Les Classes moyennes à la dérive - HAL-SHS - Sciences de l'Homme et de la Société Accéder directement au contenu
Ouvrages Année : 2006

Les Classes moyennes à la dérive

Résumé

En France, les classes moyennes font face à un grand renversement. S'il est trop tôt pour dire que leur crépuscule s'annonce ou pour pronostiquer leur fin, elles sont confrontées aujourd'hui à des incertitudes croissantes. 21 avril 2002, « Non » au référendum Européen de mai 2005, mouvement contre le CPE, etc. les signes de ce malaise ne manquent pas, où s'exprime un profond refus. Rien de commun avec les temps heureux du sacre des classes moyennes, à l'époque où elles voulaient « changer la vie ».

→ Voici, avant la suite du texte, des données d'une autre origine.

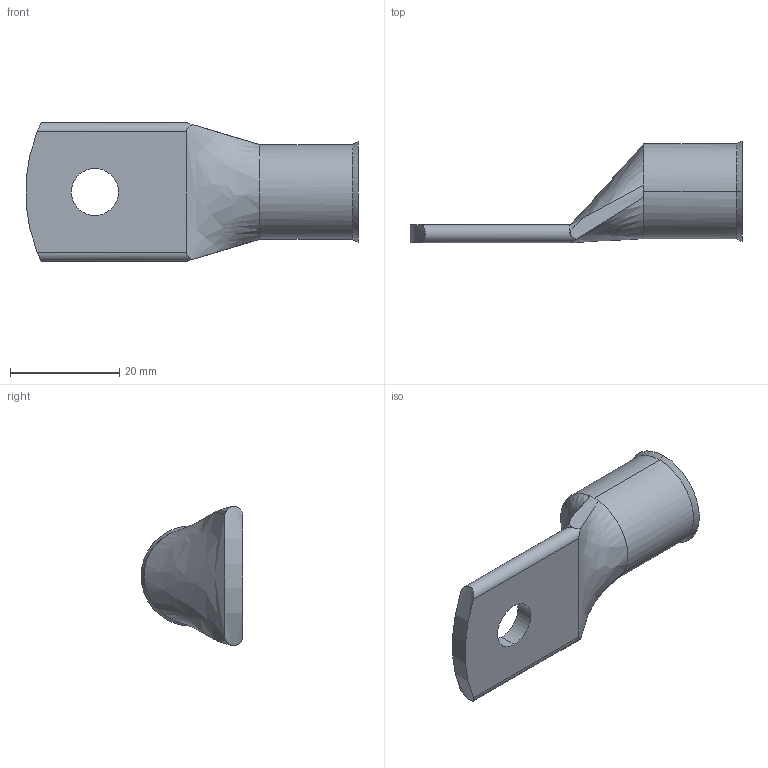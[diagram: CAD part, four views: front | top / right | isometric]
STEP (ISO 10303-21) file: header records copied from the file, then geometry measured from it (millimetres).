
FILE_DESCRIPTION (( 'STEP AP214' ), '1' );
FILE_NAME ('MD4056P(1).STEP', '2022-06-27T10:54:06', ( '' ), ( '' ), 'SwSTEP 2.0', 'SolidWorks 2021', '' );
FILE_SCHEMA (( 'AUTOMOTIVE_DESIGN' ));
Length unit declared in the file: inch
Products named in the file (1): MD4056P(1)
Bounding box: 60.81 x 18.63 x 25.4 mm (x, y, z)
Volume: 4814.5 mm3; surface area: 4896.6 mm2
Topology: 1 solids, 1 shells, 29 faces, 75 edges, 49 vertices
Faces by surface type: cylinder 10, bspline 10, plane 5, cone 4
Entity records: 5141 total; most frequent: CARTESIAN_POINT 4464, ORIENTED_EDGE 150, DIRECTION 101, EDGE_CURVE 75, VERTEX_POINT 49, AXIS2_PLACEMENT_3D 38, EDGE_LOOP 32, B_SPLINE_CURVE_WITH_KNOTS 32

« Classe moyenne » n'est pas une appellation d'origine contrôlée. Le mot est incertain et signifie, dans différents pays et dans le temps, des groupes concrets clairement disjoints. Cette incertitude terminologique est une grande force en période d'expansion, comme dans les années 1970 : chacun peut s'y reconnaître. Les sources d'une hétérogénéité appelée à exploser en temps de crise sont dévoilées par un nouveau cadastre des classes moyennes, qui explique comment l'espoir d'y accéder se change en angoisse panique d'en être déchu.

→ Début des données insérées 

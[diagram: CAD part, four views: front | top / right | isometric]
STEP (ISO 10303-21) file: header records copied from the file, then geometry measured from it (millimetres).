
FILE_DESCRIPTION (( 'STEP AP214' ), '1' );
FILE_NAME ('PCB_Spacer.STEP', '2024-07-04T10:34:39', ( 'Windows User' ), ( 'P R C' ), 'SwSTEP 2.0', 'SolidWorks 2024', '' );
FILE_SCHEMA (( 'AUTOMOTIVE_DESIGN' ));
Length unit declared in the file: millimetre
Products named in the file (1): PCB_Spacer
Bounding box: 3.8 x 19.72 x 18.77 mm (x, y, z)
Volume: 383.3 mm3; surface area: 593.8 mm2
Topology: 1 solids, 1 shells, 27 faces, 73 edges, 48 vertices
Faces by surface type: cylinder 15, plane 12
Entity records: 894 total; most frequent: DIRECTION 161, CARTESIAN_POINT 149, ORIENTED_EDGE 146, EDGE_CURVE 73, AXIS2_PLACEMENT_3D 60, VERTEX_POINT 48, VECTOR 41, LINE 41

La crise des classes moyennes a avant tout des sources objectives, réelles, inscrites dans les grandes tendances de changement de la société française. La crise économique, renforcée depuis 1984, remet en cause le cercle vertueux des trente glorieuses (1945-1975). Stagnation économique, inégalités croissantes, incertitudes et illisibilité de l'avenir contribuent ensemble à corroder le modèle objectif d'une société de classes moyennes, faute d'enrichissement, d'homogénéité, de visibilité du lendemain.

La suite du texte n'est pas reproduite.